_PROMPT:_
Every line from the one that includes "<instances>...</instances> (empty list" to the end of the entries should be written out exactly, with the first and last included.

....

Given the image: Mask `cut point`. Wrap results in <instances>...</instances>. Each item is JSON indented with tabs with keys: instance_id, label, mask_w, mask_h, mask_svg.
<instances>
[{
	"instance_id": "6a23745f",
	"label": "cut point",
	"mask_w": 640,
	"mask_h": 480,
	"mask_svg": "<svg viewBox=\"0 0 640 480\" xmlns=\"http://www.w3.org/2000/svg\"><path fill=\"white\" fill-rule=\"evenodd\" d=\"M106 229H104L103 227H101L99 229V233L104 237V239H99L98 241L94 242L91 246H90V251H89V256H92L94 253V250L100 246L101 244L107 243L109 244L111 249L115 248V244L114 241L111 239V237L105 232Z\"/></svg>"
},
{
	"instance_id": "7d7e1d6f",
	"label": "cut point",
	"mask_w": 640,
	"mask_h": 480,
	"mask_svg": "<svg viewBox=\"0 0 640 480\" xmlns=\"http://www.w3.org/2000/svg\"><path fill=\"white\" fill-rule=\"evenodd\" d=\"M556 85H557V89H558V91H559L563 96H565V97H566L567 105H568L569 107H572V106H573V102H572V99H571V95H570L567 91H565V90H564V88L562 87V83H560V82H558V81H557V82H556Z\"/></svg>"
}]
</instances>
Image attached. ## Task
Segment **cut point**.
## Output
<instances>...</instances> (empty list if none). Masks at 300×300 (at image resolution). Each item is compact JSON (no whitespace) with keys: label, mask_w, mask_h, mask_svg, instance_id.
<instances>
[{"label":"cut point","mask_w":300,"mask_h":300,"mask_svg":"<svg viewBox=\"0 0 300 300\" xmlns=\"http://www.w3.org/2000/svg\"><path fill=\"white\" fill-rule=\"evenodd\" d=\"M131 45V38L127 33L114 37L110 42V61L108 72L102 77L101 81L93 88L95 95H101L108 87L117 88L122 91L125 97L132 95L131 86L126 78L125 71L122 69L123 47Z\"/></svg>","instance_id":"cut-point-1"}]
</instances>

....

_SOLUTION FOR THIS TASK:_
<instances>...</instances> (empty list if none). Masks at 300×300 (at image resolution). Each item is compact JSON (no whitespace) with keys: label, mask_w, mask_h, mask_svg, instance_id.
<instances>
[{"label":"cut point","mask_w":300,"mask_h":300,"mask_svg":"<svg viewBox=\"0 0 300 300\" xmlns=\"http://www.w3.org/2000/svg\"><path fill=\"white\" fill-rule=\"evenodd\" d=\"M131 45V38L127 33L114 37L110 42V61L108 72L102 77L101 81L93 88L95 95H101L108 87L117 88L122 91L125 97L132 95L131 86L126 78L125 71L122 69L123 47Z\"/></svg>","instance_id":"cut-point-1"}]
</instances>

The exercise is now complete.